:: ACTION ITEM ::
Begin with the first line of the entries below and reproduce each line exactly, ending with the line that holds "Antwoord: Bestuursrecht".

:: RECORD EXCERPTS ::
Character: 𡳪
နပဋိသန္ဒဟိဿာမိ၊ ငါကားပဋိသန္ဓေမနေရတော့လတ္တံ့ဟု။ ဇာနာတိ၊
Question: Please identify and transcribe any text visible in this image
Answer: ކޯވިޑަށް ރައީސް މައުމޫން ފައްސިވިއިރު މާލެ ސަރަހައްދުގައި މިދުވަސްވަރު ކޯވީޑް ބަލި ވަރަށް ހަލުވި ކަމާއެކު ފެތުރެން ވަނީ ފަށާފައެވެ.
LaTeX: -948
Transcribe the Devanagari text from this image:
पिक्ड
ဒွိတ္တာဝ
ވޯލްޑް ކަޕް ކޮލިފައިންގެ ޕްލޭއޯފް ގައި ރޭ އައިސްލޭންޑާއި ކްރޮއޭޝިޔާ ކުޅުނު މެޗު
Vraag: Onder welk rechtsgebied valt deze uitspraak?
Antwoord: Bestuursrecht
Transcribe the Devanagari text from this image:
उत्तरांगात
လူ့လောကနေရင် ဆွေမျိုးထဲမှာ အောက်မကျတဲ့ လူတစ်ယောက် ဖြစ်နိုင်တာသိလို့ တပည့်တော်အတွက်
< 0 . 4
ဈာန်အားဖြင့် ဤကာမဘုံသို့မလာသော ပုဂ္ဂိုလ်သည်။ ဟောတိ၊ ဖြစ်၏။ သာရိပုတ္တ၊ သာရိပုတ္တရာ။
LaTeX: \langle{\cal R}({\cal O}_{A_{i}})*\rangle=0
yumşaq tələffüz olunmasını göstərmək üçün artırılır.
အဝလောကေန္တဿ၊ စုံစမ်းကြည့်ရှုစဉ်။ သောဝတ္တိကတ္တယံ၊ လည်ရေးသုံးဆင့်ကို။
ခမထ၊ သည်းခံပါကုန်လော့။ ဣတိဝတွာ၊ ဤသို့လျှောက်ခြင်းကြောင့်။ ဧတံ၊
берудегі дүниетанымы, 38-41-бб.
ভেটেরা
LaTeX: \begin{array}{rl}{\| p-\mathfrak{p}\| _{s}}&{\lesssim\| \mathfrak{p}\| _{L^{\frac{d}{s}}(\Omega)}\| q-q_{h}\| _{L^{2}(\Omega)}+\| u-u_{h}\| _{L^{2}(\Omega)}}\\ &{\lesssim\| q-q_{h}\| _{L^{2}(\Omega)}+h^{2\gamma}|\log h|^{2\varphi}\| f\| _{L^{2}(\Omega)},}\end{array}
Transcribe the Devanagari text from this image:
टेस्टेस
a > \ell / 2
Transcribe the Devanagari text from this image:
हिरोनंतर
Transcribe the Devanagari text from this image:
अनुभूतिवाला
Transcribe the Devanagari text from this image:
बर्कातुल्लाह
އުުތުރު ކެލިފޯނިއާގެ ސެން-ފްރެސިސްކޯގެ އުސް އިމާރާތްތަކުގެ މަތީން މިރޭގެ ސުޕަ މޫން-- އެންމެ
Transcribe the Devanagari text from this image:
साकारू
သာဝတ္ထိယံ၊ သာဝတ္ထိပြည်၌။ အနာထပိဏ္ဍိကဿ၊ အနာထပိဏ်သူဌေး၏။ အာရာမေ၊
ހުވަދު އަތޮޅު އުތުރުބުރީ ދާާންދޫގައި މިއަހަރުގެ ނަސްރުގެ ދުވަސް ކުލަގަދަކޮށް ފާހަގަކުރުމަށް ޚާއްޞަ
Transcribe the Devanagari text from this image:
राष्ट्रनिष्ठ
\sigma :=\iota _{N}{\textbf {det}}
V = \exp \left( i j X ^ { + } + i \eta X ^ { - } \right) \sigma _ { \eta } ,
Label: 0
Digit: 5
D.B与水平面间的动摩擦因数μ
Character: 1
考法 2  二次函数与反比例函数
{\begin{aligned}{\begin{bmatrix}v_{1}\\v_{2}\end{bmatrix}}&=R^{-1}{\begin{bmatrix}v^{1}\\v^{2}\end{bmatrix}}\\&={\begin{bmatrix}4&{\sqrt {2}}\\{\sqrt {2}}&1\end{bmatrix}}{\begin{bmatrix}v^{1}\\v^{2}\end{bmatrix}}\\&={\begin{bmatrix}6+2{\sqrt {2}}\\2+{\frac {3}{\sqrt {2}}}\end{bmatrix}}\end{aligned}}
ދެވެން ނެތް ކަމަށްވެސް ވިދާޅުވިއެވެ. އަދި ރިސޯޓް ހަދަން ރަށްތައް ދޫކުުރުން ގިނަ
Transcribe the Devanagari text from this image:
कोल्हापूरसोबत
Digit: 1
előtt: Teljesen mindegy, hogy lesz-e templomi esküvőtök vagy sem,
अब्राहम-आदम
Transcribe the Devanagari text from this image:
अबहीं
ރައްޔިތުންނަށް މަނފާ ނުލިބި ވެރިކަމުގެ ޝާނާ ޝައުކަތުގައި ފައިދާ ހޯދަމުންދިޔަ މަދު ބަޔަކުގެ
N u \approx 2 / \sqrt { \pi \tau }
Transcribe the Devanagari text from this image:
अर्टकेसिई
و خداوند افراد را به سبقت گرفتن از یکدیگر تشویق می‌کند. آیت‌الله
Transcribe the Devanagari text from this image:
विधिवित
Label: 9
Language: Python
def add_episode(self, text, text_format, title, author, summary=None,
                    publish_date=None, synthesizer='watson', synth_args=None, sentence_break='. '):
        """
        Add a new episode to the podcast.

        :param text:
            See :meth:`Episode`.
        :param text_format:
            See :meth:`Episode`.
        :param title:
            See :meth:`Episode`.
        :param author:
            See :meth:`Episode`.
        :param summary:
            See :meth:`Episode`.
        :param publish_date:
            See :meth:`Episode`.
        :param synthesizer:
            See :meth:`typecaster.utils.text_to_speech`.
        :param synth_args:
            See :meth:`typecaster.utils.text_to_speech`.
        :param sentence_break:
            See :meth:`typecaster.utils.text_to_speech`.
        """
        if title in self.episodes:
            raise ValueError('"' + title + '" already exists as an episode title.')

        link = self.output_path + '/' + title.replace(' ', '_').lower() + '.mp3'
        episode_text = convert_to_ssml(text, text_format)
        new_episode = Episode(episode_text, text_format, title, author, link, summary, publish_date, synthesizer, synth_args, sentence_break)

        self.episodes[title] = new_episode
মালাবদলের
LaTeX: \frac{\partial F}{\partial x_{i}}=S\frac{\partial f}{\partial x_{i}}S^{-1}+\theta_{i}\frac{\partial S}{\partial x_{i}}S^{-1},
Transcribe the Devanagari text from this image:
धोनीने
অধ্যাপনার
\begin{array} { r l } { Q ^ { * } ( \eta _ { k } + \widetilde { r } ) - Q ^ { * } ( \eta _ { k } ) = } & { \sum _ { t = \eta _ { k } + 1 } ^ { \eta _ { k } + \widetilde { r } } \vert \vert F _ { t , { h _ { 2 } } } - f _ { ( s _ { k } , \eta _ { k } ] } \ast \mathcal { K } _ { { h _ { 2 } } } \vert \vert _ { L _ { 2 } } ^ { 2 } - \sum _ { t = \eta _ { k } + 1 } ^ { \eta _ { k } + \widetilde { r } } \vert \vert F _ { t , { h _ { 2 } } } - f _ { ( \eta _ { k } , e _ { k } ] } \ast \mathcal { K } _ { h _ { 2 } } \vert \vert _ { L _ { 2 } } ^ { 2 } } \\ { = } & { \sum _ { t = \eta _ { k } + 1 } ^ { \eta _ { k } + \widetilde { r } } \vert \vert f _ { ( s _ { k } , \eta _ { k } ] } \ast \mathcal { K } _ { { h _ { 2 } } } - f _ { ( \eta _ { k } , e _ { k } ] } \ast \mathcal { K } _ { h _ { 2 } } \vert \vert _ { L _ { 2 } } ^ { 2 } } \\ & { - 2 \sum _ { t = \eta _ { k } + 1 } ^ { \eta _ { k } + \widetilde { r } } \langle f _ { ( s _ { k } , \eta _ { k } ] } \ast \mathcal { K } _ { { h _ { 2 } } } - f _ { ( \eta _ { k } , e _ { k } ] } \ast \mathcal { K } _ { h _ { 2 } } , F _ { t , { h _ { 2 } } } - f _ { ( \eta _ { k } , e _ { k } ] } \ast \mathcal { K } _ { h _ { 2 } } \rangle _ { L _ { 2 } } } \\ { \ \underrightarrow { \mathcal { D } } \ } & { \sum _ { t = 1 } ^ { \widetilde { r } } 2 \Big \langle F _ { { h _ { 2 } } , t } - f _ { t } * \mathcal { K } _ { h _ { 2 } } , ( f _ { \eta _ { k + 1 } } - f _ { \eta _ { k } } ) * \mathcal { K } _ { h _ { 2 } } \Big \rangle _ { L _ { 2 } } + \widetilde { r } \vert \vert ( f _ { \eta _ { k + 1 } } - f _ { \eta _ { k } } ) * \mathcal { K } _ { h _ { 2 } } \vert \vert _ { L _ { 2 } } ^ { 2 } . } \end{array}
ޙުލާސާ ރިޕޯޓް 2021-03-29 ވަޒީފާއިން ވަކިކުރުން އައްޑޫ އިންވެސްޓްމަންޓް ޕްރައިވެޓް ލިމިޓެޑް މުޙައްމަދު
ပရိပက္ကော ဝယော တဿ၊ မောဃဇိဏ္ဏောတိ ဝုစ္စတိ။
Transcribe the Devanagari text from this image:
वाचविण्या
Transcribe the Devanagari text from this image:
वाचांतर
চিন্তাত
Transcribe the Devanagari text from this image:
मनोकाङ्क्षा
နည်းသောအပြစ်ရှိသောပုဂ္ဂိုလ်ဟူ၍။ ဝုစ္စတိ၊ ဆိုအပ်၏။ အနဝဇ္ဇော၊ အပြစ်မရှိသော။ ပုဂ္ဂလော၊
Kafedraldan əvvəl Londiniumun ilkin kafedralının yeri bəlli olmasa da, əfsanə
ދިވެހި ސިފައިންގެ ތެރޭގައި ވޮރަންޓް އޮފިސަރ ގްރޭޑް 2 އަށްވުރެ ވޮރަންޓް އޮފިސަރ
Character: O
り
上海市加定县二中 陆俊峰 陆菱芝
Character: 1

:: PROBLEM SOLUTION ::
Character: 𡳪
နပဋိသန္ဒဟိဿာမိ၊ ငါကားပဋိသန္ဓေမနေရတော့လတ္တံ့ဟု။ ဇာနာတိ၊
Question: Please identify and transcribe any text visible in this image
Answer: ކޯވިޑަށް ރައީސް މައުމޫން ފައްސިވިއިރު މާލެ ސަރަހައްދުގައި މިދުވަސްވަރު ކޯވީޑް ބަލި ވަރަށް ހަލުވި ކަމާއެކު ފެތުރެން ވަނީ ފަށާފައެވެ.
LaTeX: -948
Transcribe the Devanagari text from this image:
पिक्ड
ဒွိတ္တာဝ
ވޯލްޑް ކަޕް ކޮލިފައިންގެ ޕްލޭއޯފް ގައި ރޭ އައިސްލޭންޑާއި ކްރޮއޭޝިޔާ ކުޅުނު މެޗު
Vraag: Onder welk rechtsgebied valt deze uitspraak?
Antwoord: Bestuursrecht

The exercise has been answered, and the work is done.